Indeed, neither of the major political parties in Michigan appear to be taking the pandemic seriously. While mask mandates in schools were being debated last year, Michigan Senate Majority Leader Mike Shirkey claimed that mask mandates at school would be the “dumbest thing” that could be done. Republicans across the state are protesting districts that are issuing such mandates. Meshawn Maddock, Michigan’s GOP co-chair, was also “encourag[ing] parents to ‘take a stand’ against school districts who mandate masks.” The role of politics in the response to the pandemic is concerning for many, especially those with immunocompromised children heading back to school. One mother implored people to “forget about politics, forget about religion.”

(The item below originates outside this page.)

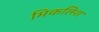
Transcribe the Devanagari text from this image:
मिकलिश
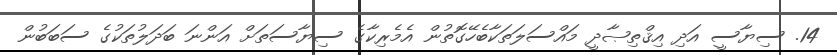
14. ސިޔާސީ އަދި އިޤްތިޞާދީ މައްސަލަތަކާބެހޭގޮތުން އެމެރިކާގެ ސިޔާސަތަށް އަންނަ ބަދަލުތަކުގެ ސަބަބުން

More recently, the Biden administration announced that OSHA would be requiring private employers to implement a “soft” vaccine mandate, requiring unvaccinated employees to get tested weekly.

Are these measures enough? Is Biden’s “begging” of Americans to get vaccinated the only approach?

The response to the COVID-19 pandemic is, above all, becoming more and more an “individual” choice—where we are given the “freedom” to choose between masking up, getting vaccinated, or doing none of the above. Workers are once again forced to choose between health and earned wages. Ultimately, it’s an example of the neoliberal contention of personal success and failure—the “pull yourself up by your bootstraps” logic. Similar to arguments against the minimum wage, such as, “If you don’t want to flip burgers, get a grown-up job,” the implied argument of a lack of proper restrictive measures is “If you don’t want to expose yourself to the virus, get a real job.”

The Whistleblower Protection Program exists to protect employees who come forward to report their workplaces as “unsafe” during the pandemic. Although workers might be protected from their employer from taking action against them over COVID concerns, the more important question is how would reporting one’s workplace affect the worker in the immediate future? Would this result in shutting down the business, even if only temporarily? Would this result in employees being laid off? Would health benefits (if any exist) be momentarily disrupted or cut short?

With the discovery of another strain, “deltacron,” there is major cause for concern, but instead of getting leadership from those in political office, workers are instead left with the false choice of panicking and restricting their lives or fully accepting the illusion that things aren’t as bad as the press claims they are and going on with their lives because recent strains of COVID have been “mild.”

Letting the administrative decision of mask and vaccine mandates as well as shutdowns fall to lower and lower levels of public office is of course a political decision in and of itself. It allows certain politicians to keep a “clean” record that may appeal to both liberals, the center-left, and the center-right during election season.

The political positioning is clearly an appeal to the extreme right as well. At the beginning of the year, Federal Judge Terry A. Doughty blocked Biden’s vaccine mandate. Doughty, being a judge on the U.S. District Court for the Western District of Louisiana, was nominated by President Donald Trump. The judge claimed vaccine mandates are an abuse of power and that the executive branch was “usurp[ing] the power of the legislative branch” in order to get laws passed, even citing “pandemic fatigue” as an excuse to not enforce vaccines. Doughty’s decision also blocks the mandate’s requirement that students aged 2 years and older wear masks while indoors or in close contact with others.

The call for stricter measures will continue to be ignored at the local and state level if all that is provided from the national body politic are strong recommendations. As in the case of Michigan, where politicians refuse to act, the management of companies like Great Lakes Coffee will do whatever necessary to ensure their own survival—and workers are left to fend for themselves.


Andrew Wright
Andrew Wright

Andrew Wright is an essayist and activist based in Detroit.  He has written and presented on topics such as suicide and mental health, class struggle, gender studies, politics, ideology, and philosophy.